- [Task brief]: Every line from the one with "Image recorded 3.8 s after image 1." through the end of the entries below should be written out exactly; the pictures should not.

Data excerpts

Start of Block

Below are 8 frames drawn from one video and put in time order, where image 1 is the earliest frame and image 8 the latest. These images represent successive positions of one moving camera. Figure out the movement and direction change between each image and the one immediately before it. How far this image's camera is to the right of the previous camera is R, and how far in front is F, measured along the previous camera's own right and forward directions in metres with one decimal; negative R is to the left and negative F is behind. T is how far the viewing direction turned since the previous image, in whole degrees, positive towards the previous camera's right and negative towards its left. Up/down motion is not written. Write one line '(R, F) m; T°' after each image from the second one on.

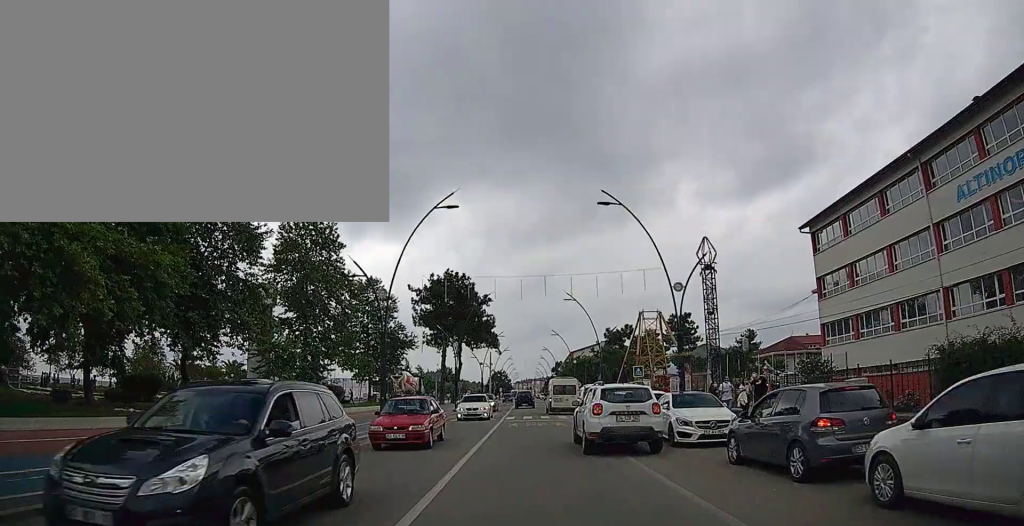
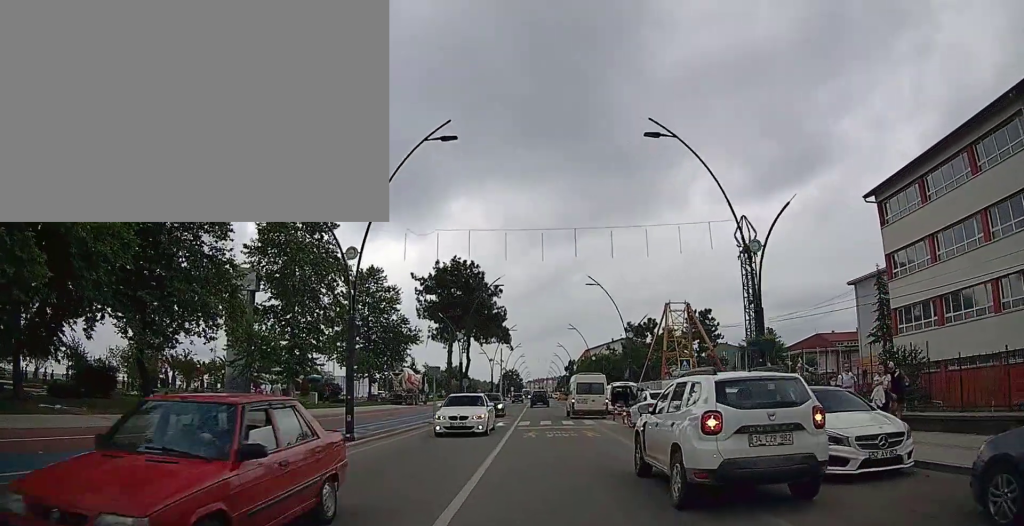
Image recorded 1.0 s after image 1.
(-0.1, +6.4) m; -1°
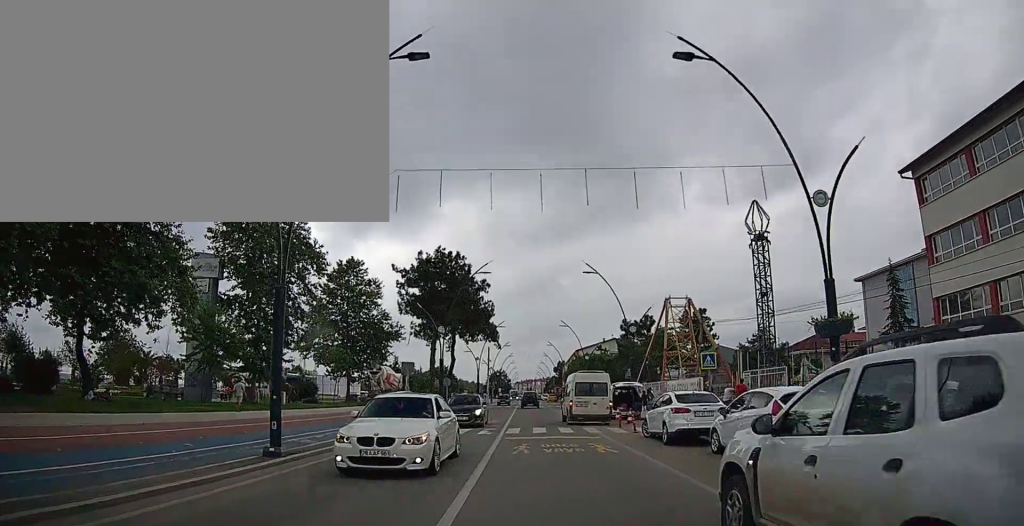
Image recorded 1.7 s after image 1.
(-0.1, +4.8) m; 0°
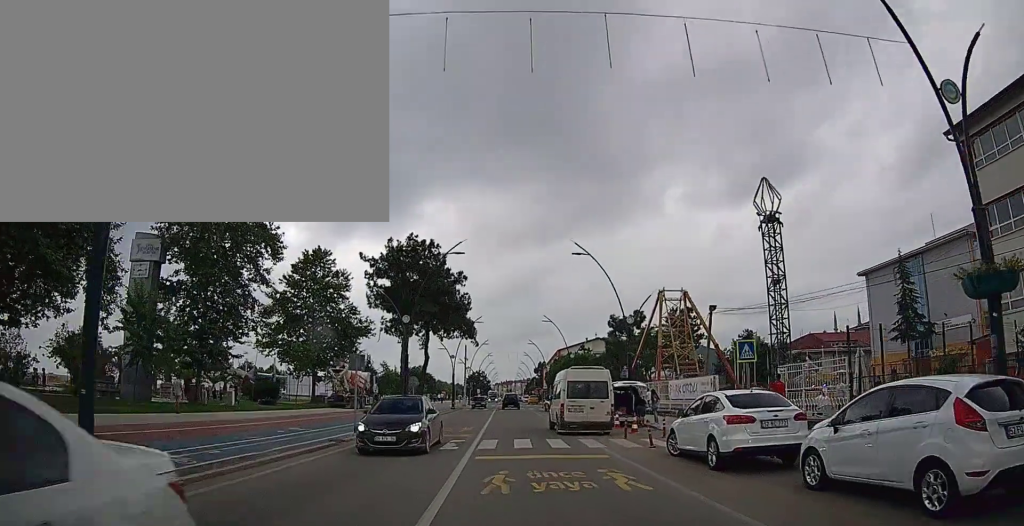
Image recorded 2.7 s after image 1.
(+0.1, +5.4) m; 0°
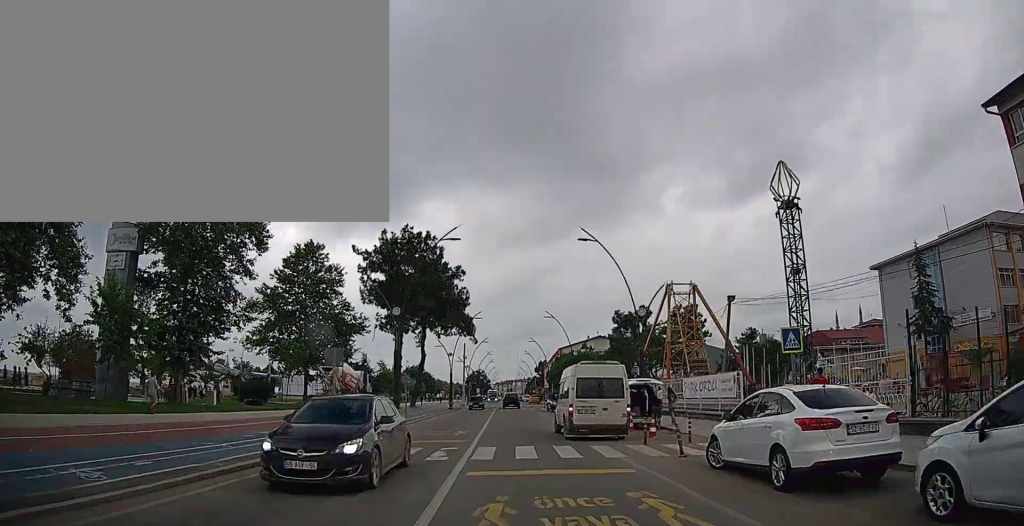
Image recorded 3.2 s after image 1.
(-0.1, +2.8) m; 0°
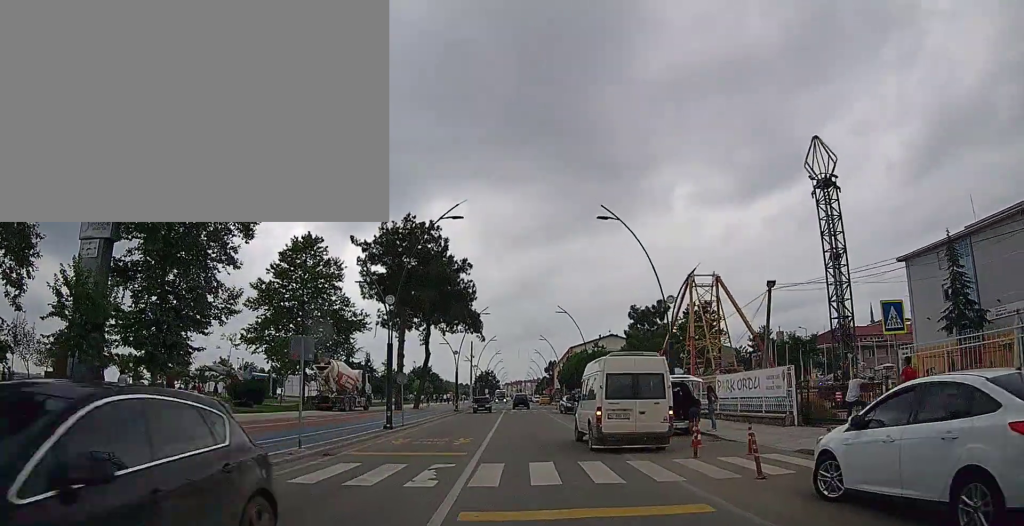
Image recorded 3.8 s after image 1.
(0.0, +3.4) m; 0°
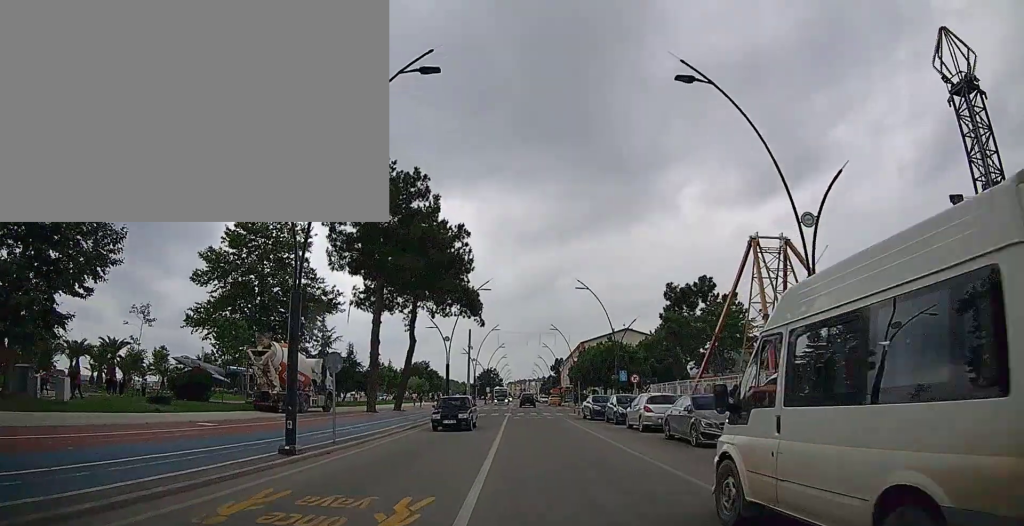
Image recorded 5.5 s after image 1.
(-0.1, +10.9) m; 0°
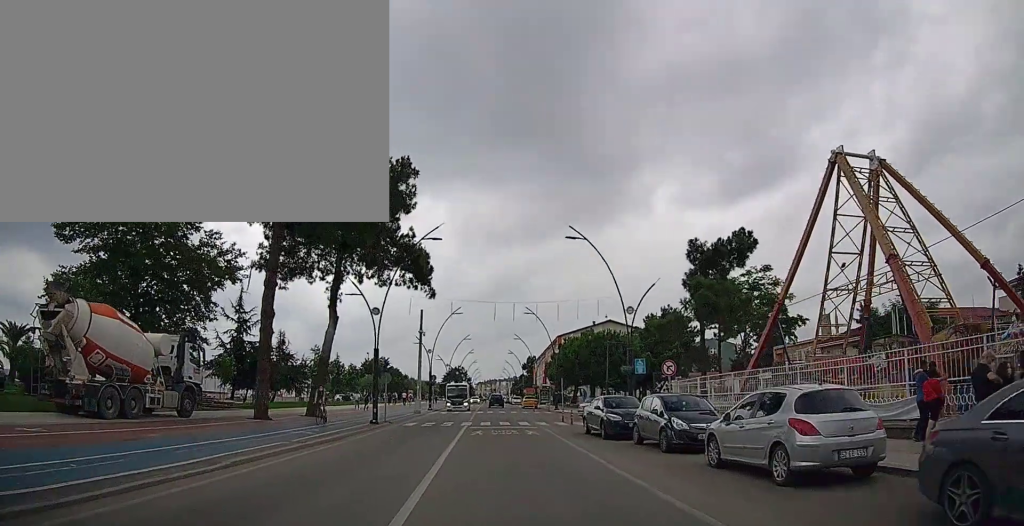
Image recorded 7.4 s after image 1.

End of Block

- [Exercise response]:
Image recorded 3.8 s after image 1.
(0.0, +3.4) m; 0°
Image recorded 5.5 s after image 1.
(-0.1, +10.9) m; 0°
Image recorded 7.4 s after image 1.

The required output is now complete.